The BBC’s Jon Leyne, in Benghazi, says the NTC now believes it has the money to operate in Tripoli, and that the city is safe enough to be their base.

Meanwhile, Libya’s national football team is preparing to play its first game since the fall of Col Gaddafi.

The team is reportedly going to play in a new kit bearing the colours of the revolution – red, black and green – rather than the all-green strip favoured by the previous regime.

The African Cup of Nations qualifier, against Mozambique, is being played in Egypt because of security concerns.
Power vacuum

On Friday, Mr Jalil returned to Benghazi after a meeting with world leaders in Paris.

“With God’s will, we will go to Tripoli in the next week, but before we go we salute the people and revolutionaries of Benghazi,” he told supporters who had gathered to welcome him back.

Interim interior minister Ahmed Darrad told AFP news agency that fighters still in the capital should now go home.

“Starting Saturday there will be a large number of security personnel and policemen who will go back to work.
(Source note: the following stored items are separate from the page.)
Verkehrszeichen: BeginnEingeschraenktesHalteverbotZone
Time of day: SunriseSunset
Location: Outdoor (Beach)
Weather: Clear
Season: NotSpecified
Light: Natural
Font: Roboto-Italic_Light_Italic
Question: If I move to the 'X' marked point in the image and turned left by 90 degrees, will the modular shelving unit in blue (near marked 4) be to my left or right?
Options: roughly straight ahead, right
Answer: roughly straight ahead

Now the revolutionaries of Tripoli are able to protect their own city,” he said.

Many of the fighters are from regional towns and cities, and filled the power vacuum left when Gaddafi loyalists fled.
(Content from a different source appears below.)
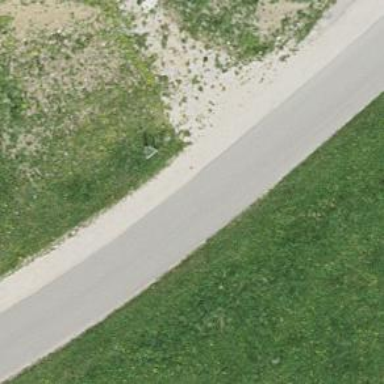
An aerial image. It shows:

The NTC plans to install democracy in Libya over the next 20 months.

Meanwhile, US media reports say Human Rights Watch has found files in a government building that detail the level of co-operation between the CIA and Col Gaddafi’s intelligence agencies.

The Wall Street Journal reported that the relationship included an agreement to send terror suspects to Libya for interrogation.

Col Gaddafi ruled the country for 42 years with a mixture of personality cult and authoritarianism, propped up by money from oil reserves.